PROBLEM TO SOLVE
One number is the whole answer: the tally of lines in the records that include the word "none".

*****

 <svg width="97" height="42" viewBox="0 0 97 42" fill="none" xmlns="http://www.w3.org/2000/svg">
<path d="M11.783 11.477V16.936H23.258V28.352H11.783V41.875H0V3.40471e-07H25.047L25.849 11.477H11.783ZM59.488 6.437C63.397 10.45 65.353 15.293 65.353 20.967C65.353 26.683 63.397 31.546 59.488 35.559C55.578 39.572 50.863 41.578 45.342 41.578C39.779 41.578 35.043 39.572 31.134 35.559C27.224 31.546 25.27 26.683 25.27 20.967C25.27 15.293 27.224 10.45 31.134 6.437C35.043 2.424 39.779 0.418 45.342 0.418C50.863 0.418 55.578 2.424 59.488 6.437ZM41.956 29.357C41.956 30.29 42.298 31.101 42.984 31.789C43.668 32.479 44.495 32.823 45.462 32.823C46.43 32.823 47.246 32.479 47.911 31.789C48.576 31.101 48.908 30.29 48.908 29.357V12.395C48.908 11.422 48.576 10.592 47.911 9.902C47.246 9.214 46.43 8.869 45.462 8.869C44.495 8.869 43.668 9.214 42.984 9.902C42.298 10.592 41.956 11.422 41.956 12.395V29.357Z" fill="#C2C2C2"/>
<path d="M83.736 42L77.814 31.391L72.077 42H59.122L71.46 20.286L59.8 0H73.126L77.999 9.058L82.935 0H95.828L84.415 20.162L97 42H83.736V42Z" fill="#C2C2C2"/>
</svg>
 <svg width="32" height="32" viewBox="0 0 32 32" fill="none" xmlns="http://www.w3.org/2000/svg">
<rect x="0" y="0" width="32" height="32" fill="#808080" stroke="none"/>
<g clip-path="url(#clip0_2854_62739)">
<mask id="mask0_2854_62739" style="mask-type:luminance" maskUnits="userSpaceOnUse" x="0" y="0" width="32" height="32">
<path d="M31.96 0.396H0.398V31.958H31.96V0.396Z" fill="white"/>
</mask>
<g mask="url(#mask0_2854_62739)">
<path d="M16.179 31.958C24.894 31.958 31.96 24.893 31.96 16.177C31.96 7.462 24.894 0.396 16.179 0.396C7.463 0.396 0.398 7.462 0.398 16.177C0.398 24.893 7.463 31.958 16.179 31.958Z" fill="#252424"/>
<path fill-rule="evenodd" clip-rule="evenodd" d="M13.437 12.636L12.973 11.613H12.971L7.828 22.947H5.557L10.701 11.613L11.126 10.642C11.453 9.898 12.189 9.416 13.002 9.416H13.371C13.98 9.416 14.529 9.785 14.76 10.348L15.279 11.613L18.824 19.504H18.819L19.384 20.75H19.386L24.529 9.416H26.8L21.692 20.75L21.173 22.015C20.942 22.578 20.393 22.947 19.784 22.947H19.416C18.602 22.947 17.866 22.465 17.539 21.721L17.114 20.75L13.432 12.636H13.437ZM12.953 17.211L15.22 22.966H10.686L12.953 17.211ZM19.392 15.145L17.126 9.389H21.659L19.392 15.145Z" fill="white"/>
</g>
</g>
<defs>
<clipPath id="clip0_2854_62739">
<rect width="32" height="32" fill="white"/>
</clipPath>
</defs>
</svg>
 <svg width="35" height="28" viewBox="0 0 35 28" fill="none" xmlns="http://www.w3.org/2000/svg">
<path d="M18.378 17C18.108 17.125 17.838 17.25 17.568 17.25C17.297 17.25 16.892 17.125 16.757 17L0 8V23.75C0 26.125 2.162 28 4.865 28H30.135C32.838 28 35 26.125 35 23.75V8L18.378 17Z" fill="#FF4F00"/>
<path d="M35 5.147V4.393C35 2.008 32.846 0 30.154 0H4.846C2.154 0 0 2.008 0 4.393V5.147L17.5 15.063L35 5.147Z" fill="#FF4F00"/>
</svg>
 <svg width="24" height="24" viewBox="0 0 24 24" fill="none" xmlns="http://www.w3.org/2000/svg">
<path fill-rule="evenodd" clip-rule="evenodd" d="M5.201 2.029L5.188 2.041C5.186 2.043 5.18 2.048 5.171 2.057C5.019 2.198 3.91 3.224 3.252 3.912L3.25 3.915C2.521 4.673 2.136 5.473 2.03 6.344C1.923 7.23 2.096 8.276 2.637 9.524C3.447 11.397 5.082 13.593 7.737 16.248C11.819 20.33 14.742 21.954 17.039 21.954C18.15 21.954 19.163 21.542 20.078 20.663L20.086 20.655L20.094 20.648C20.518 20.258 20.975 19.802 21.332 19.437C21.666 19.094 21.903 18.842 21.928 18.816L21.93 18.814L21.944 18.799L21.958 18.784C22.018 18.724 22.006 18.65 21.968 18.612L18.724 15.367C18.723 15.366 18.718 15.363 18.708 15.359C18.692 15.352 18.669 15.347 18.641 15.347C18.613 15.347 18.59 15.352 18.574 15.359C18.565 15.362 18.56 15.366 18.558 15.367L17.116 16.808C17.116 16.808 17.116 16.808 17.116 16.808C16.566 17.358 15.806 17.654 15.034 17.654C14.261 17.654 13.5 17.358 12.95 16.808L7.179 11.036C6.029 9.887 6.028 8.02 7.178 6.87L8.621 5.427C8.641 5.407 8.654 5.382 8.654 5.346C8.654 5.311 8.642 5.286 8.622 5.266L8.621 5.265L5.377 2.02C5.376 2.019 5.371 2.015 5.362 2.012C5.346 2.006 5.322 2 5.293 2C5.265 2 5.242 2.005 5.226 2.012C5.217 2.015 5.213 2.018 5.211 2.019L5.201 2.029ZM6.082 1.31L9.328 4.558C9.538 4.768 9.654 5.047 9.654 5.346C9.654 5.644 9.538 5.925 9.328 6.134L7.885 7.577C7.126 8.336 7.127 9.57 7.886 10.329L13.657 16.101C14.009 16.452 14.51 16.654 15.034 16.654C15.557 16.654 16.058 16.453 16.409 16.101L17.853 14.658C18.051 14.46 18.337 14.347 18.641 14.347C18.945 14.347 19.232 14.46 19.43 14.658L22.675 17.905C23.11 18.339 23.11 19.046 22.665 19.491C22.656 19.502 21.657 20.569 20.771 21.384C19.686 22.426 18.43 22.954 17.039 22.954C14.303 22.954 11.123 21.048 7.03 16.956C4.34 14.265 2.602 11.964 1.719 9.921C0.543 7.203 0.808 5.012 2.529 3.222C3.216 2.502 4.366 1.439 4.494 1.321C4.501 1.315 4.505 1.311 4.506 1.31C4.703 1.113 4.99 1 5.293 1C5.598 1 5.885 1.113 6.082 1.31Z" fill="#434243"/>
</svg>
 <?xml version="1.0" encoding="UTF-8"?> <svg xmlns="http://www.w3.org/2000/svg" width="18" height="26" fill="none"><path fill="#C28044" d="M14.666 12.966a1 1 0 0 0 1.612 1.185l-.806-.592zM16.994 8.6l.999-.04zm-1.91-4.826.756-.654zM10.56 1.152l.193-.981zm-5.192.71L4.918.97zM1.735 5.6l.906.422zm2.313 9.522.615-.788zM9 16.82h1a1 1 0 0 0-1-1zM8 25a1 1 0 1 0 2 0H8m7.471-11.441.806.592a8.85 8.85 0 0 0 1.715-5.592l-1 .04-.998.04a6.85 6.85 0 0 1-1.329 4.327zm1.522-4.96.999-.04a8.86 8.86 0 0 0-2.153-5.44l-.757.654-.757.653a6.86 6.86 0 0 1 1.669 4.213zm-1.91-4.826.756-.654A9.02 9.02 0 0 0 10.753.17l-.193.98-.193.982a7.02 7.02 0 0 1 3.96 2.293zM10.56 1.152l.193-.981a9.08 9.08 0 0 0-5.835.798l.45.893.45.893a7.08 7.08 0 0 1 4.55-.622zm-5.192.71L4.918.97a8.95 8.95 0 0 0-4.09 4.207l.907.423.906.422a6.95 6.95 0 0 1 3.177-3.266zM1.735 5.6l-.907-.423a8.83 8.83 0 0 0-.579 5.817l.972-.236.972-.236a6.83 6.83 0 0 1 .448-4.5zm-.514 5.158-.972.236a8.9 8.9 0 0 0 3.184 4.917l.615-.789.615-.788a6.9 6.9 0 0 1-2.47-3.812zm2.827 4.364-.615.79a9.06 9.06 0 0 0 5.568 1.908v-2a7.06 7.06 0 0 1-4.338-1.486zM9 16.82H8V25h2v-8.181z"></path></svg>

*****

FINAL ANSWER
6